> _BRIEF_:
The output should consist solely of the line containing "STEP (ISO 10303-21)" and all lines after it through the final line of the entries below, reproduced exactly.

(Dataset entries)
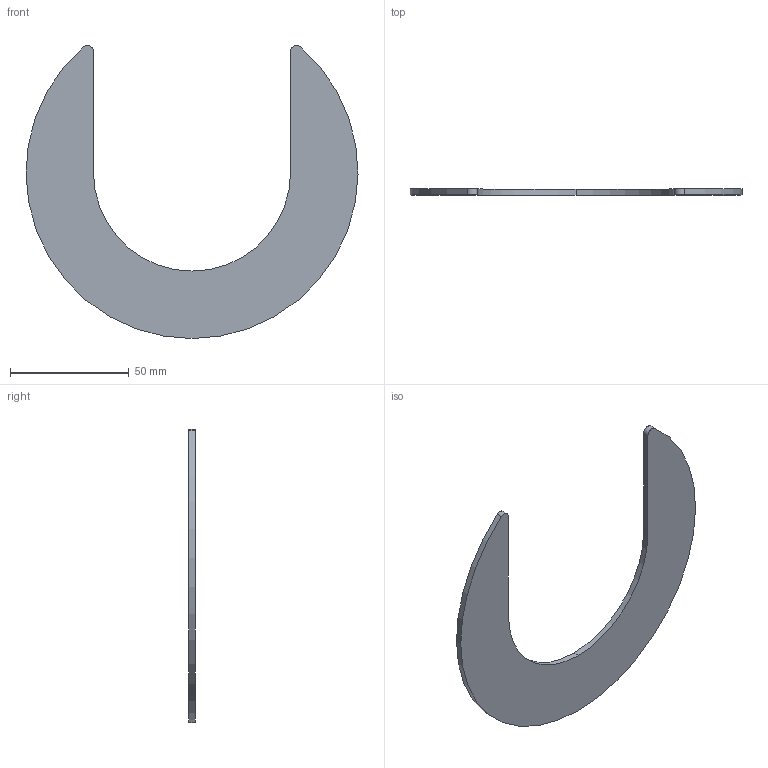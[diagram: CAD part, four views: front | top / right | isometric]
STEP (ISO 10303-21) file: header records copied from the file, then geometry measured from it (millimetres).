
FILE_DESCRIPTION (( 'STEP AP203' ), '1' );
FILE_NAME ('jar flange.STEP', '2023-08-31T17:49:15', ( '' ), ( '' ), 'SwSTEP 2.0', 'SolidWorks 2020', '' );
FILE_SCHEMA (( 'CONFIG_CONTROL_DESIGN' ));
Length unit declared in the file: inch
Products named in the file (1): jar flange
Bounding box: 139.69 x 2.54 x 123.32 mm (x, y, z)
Volume: 18243.9 mm3; surface area: 15846.3 mm2
Topology: 1 solids, 1 shells, 10 faces, 24 edges, 16 vertices
Faces by surface type: cylinder 6, plane 4
Entity records: 379 total; most frequent: DIRECTION 58, CARTESIAN_POINT 51, ORIENTED_EDGE 48, EDGE_CURVE 24, AXIS2_PLACEMENT_3D 23, VERTEX_POINT 16, VECTOR 12, CIRCLE 12

> _ANSWER SPACE_:
STEP (ISO 10303-21) file: header records copied from the file, then geometry measured from it (millimetres).
FILE_DESCRIPTION (( 'STEP AP203' ), '1' );
FILE_NAME ('jar flange.STEP', '2023-08-31T17:49:15', ( '' ), ( '' ), 'SwSTEP 2.0', 'SolidWorks 2020', '' );
FILE_SCHEMA (( 'CONFIG_CONTROL_DESIGN' ));
Length unit declared in the file: inch
Products named in the file (1): jar flange
Bounding box: 139.69 x 2.54 x 123.32 mm (x, y, z)
Volume: 18243.9 mm3; surface area: 15846.3 mm2
Topology: 1 solids, 1 shells, 10 faces, 24 edges, 16 vertices
Faces by surface type: cylinder 6, plane 4
Entity records: 379 total; most frequent: DIRECTION 58, CARTESIAN_POINT 51, ORIENTED_EDGE 48, EDGE_CURVE 24, AXIS2_PLACEMENT_3D 23, VERTEX_POINT 16, VECTOR 12, CIRCLE 12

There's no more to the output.